▶ Work to be completed
Your task is to give the data again, exactly, with every line intact.

▶ Input for this task

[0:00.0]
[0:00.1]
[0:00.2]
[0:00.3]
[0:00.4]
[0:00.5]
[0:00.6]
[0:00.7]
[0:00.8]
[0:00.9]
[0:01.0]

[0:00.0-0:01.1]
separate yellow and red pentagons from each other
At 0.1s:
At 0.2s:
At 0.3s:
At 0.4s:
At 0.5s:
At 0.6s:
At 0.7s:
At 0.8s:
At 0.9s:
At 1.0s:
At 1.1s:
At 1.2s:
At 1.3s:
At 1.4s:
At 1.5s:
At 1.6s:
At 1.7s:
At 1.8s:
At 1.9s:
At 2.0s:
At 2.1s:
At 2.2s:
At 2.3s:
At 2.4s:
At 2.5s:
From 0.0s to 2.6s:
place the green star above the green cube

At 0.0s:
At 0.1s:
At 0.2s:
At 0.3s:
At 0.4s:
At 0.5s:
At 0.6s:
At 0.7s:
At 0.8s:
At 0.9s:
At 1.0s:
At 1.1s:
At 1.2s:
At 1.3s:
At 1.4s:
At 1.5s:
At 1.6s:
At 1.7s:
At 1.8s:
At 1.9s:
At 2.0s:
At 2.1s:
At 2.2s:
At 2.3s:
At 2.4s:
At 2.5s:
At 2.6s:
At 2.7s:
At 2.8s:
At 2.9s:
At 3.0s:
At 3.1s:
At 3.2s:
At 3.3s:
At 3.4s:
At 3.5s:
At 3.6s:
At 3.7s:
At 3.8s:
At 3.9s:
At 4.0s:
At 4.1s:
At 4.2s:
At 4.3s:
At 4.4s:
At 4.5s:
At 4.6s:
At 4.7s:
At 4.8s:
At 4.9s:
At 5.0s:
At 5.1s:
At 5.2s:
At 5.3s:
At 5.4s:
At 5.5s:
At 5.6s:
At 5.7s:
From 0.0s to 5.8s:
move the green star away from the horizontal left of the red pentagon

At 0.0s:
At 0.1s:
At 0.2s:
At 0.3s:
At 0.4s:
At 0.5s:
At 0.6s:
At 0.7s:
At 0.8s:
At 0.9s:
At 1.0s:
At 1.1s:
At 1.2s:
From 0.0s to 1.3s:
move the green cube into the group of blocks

▶ Answer to the exercise
[0:00.0]
[0:00.1]
[0:00.2]
[0:00.3]
[0:00.4]
[0:00.5]
[0:00.6]
[0:00.7]
[0:00.8]
[0:00.9]
[0:01.0]

[0:00.0-0:01.1]
separate yellow and red pentagons from each other
At 0.1s:
At 0.2s:
At 0.3s:
At 0.4s:
At 0.5s:
At 0.6s:
At 0.7s:
At 0.8s:
At 0.9s:
At 1.0s:
At 1.1s:
At 1.2s:
At 1.3s:
At 1.4s:
At 1.5s:
At 1.6s:
At 1.7s:
At 1.8s:
At 1.9s:
At 2.0s:
At 2.1s:
At 2.2s:
At 2.3s:
At 2.4s:
At 2.5s:
From 0.0s to 2.6s:
place the green star above the green cube

At 0.0s:
At 0.1s:
At 0.2s:
At 0.3s:
At 0.4s:
At 0.5s:
At 0.6s:
At 0.7s:
At 0.8s:
At 0.9s:
At 1.0s:
At 1.1s:
At 1.2s:
At 1.3s:
At 1.4s:
At 1.5s:
At 1.6s:
At 1.7s:
At 1.8s:
At 1.9s:
At 2.0s:
At 2.1s:
At 2.2s:
At 2.3s:
At 2.4s:
At 2.5s:
At 2.6s:
At 2.7s:
At 2.8s:
At 2.9s:
At 3.0s:
At 3.1s:
At 3.2s:
At 3.3s:
At 3.4s:
At 3.5s:
At 3.6s:
At 3.7s:
At 3.8s:
At 3.9s:
At 4.0s:
At 4.1s:
At 4.2s:
At 4.3s:
At 4.4s:
At 4.5s:
At 4.6s:
At 4.7s:
At 4.8s:
At 4.9s:
At 5.0s:
At 5.1s:
At 5.2s:
At 5.3s:
At 5.4s:
At 5.5s:
At 5.6s:
At 5.7s:
From 0.0s to 5.8s:
move the green star away from the horizontal left of the red pentagon

At 0.0s:
At 0.1s:
At 0.2s:
At 0.3s:
At 0.4s:
At 0.5s:
At 0.6s:
At 0.7s:
At 0.8s:
At 0.9s:
At 1.0s:
At 1.1s:
At 1.2s:
From 0.0s to 1.3s:
move the green cube into the group of blocks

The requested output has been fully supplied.